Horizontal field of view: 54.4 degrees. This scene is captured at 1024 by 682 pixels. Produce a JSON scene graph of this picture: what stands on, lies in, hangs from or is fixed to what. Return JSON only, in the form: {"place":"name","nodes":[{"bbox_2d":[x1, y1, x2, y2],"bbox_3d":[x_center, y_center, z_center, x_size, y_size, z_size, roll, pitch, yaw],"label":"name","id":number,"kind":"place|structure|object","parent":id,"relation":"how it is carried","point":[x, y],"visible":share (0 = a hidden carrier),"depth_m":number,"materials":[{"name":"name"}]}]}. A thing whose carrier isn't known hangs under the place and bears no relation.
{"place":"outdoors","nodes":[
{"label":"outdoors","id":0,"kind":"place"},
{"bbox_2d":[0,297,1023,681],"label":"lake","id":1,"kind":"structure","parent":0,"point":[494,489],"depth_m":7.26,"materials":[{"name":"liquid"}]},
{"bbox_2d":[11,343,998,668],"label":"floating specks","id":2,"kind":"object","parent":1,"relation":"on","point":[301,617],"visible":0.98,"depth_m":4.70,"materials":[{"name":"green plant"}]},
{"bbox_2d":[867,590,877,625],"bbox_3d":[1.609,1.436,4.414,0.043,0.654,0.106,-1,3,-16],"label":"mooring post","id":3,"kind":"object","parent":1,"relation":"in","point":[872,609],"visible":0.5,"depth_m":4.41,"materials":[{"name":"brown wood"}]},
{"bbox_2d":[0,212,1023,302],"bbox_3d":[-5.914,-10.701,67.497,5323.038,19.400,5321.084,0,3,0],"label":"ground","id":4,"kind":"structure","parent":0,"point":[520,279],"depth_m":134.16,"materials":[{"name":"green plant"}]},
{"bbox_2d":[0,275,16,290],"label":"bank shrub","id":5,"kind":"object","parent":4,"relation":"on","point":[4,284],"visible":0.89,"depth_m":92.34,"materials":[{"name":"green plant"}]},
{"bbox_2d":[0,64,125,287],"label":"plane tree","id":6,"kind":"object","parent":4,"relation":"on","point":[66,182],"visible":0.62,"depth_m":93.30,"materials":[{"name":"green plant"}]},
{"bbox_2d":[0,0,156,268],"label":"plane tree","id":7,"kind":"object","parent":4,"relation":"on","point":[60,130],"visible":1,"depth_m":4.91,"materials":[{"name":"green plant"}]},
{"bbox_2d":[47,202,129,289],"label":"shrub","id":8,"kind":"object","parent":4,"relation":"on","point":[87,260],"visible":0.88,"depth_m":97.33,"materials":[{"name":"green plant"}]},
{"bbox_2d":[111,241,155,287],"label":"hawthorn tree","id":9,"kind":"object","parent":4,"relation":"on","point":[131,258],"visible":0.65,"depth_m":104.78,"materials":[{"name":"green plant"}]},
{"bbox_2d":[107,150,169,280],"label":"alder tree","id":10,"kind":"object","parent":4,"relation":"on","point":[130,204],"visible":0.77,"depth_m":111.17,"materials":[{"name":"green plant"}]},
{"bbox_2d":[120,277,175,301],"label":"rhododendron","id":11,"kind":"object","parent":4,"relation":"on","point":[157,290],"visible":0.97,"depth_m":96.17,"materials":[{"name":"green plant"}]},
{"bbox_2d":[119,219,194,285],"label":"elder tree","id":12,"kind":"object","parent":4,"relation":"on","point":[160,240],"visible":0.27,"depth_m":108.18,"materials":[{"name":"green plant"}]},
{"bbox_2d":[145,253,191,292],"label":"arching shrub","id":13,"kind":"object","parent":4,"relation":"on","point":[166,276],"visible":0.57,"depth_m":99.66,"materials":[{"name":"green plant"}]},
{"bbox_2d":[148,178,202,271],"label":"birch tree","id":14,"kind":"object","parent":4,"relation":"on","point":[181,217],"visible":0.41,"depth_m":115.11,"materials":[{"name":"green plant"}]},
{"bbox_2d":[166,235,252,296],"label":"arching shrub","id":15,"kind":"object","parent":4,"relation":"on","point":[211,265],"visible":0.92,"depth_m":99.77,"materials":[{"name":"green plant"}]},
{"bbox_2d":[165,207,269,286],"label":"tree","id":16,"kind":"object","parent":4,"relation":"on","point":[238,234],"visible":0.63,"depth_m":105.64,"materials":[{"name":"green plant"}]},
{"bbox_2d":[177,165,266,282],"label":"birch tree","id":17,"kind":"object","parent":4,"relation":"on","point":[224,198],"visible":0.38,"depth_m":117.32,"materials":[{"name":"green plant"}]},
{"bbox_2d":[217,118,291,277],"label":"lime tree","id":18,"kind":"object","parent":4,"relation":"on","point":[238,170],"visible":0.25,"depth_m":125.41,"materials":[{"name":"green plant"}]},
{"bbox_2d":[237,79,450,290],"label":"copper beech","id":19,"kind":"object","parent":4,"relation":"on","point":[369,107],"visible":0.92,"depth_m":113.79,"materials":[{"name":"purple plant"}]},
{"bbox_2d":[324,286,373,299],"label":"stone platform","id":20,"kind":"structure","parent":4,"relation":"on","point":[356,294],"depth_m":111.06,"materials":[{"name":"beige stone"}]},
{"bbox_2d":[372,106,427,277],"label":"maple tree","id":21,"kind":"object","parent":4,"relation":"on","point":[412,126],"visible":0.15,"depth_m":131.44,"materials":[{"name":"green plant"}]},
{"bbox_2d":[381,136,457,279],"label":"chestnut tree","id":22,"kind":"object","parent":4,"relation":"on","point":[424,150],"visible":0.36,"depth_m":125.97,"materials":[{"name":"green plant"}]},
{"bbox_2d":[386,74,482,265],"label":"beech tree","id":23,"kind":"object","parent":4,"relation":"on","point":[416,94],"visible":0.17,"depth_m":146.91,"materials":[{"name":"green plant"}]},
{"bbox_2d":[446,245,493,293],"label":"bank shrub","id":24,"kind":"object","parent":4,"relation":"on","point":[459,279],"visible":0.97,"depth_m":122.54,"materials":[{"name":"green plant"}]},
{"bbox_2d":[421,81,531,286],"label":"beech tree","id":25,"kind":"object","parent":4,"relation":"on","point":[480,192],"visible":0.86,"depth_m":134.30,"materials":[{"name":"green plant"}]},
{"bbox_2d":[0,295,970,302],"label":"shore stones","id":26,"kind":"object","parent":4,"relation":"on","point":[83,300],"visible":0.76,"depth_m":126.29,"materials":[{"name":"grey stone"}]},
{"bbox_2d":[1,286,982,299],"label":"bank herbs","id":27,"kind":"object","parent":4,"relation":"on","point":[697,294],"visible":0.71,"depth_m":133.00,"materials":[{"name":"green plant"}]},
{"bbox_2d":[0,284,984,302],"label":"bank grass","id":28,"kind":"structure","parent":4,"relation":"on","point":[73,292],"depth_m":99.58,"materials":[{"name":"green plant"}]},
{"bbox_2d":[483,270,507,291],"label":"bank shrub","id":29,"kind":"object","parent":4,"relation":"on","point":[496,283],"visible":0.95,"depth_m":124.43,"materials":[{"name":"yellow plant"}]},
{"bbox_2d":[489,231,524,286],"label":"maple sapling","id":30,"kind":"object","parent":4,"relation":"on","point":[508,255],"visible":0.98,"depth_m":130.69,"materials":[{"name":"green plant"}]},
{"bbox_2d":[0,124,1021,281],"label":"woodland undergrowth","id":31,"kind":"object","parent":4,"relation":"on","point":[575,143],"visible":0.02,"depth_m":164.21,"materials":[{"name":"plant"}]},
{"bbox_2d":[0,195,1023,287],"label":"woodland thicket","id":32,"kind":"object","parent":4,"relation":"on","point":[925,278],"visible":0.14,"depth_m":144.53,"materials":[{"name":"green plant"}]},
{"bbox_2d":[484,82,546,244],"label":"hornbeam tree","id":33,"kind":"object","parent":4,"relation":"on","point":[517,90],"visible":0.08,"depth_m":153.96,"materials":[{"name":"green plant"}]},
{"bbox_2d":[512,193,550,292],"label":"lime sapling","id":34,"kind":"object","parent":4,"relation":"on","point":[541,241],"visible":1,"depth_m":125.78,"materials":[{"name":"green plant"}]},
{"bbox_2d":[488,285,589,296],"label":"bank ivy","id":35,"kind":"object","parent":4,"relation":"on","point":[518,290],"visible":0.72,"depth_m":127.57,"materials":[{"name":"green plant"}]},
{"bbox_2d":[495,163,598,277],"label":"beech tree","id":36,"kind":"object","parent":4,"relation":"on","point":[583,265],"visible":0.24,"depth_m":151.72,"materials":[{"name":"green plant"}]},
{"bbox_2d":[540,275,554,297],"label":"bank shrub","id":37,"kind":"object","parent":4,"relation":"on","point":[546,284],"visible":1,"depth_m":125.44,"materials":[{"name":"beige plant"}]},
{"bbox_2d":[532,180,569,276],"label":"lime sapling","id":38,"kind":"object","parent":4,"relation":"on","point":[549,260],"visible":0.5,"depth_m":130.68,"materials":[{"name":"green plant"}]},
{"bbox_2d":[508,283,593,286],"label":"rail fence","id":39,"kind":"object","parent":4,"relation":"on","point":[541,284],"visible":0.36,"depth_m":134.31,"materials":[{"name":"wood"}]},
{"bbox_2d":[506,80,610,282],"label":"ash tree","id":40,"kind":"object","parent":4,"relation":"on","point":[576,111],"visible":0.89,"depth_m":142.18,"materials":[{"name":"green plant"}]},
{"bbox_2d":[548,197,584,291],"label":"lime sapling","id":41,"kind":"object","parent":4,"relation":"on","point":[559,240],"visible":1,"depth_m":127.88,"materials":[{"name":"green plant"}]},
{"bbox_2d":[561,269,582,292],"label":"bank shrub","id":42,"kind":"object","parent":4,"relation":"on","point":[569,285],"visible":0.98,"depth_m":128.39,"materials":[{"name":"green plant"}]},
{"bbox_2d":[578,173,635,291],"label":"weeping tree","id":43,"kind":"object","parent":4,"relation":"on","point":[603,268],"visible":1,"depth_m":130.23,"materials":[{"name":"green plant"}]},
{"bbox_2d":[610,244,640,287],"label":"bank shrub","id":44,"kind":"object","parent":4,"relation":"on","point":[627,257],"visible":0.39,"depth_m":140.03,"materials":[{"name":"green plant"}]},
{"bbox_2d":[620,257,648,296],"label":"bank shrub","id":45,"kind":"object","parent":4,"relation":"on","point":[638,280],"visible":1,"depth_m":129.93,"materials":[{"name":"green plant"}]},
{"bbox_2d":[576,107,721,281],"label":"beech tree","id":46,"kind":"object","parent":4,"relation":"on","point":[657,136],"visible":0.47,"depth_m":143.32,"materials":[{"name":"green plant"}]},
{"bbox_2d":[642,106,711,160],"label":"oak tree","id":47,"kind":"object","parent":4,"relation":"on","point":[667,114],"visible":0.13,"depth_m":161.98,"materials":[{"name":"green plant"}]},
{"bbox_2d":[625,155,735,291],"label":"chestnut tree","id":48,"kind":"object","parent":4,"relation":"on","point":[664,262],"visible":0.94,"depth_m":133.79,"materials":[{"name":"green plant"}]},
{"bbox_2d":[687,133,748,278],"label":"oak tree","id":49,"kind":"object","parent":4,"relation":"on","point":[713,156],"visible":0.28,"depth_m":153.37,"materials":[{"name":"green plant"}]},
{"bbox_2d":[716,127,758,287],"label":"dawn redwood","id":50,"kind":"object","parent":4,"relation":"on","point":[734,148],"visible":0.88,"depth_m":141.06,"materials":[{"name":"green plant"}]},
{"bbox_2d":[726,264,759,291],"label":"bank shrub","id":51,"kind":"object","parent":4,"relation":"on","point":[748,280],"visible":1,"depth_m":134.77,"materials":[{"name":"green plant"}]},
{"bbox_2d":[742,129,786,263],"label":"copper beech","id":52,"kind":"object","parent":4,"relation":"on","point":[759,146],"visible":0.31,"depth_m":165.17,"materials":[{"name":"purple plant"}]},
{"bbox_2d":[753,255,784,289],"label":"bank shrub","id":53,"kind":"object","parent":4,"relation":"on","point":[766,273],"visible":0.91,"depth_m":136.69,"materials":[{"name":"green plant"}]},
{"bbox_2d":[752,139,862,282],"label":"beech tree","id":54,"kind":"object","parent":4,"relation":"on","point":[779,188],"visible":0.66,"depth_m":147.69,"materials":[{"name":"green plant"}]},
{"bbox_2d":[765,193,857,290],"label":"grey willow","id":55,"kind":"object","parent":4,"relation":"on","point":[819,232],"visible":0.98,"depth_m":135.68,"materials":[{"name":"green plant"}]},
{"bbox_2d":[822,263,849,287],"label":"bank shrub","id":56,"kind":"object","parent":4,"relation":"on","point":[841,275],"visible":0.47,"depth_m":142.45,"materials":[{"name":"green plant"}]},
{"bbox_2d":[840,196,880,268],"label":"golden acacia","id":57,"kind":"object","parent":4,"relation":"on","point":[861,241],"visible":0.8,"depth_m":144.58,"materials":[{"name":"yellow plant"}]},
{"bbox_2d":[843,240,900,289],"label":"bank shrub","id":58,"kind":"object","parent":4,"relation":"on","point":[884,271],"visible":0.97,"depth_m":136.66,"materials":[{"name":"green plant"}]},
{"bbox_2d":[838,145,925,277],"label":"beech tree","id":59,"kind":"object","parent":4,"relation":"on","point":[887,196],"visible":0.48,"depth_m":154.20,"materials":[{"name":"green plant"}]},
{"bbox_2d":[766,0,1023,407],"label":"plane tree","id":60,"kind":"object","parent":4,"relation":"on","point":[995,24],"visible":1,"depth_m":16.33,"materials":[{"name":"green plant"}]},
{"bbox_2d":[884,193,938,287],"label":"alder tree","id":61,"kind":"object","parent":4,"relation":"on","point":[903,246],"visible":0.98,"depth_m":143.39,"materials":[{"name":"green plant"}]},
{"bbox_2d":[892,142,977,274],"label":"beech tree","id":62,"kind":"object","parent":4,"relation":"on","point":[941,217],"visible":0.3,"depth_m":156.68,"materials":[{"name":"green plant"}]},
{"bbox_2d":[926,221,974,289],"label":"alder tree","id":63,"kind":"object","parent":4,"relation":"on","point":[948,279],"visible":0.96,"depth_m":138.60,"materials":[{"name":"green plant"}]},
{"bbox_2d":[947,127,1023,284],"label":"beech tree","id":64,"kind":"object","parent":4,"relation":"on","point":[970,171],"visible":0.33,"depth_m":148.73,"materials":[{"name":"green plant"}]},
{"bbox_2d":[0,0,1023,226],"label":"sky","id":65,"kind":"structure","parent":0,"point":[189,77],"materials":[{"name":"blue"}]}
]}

+++

▶ [AIM OF THE TASK]: Find each line in the data above with the word "stone", then copy it.

▶ [ANSWER TO THIS EXERCISE]:
{"bbox_2d":[324,286,373,299],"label":"stone platform","id":20,"kind":"structure","parent":4,"relation":"on","point":[356,294],"depth_m":111.06,"materials":[{"name":"beige stone"}]},
{"bbox_2d":[0,295,970,302],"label":"shore stones","id":26,"kind":"object","parent":4,"relation":"on","point":[83,300],"visible":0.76,"depth_m":126.29,"materials":[{"name":"grey stone"}]},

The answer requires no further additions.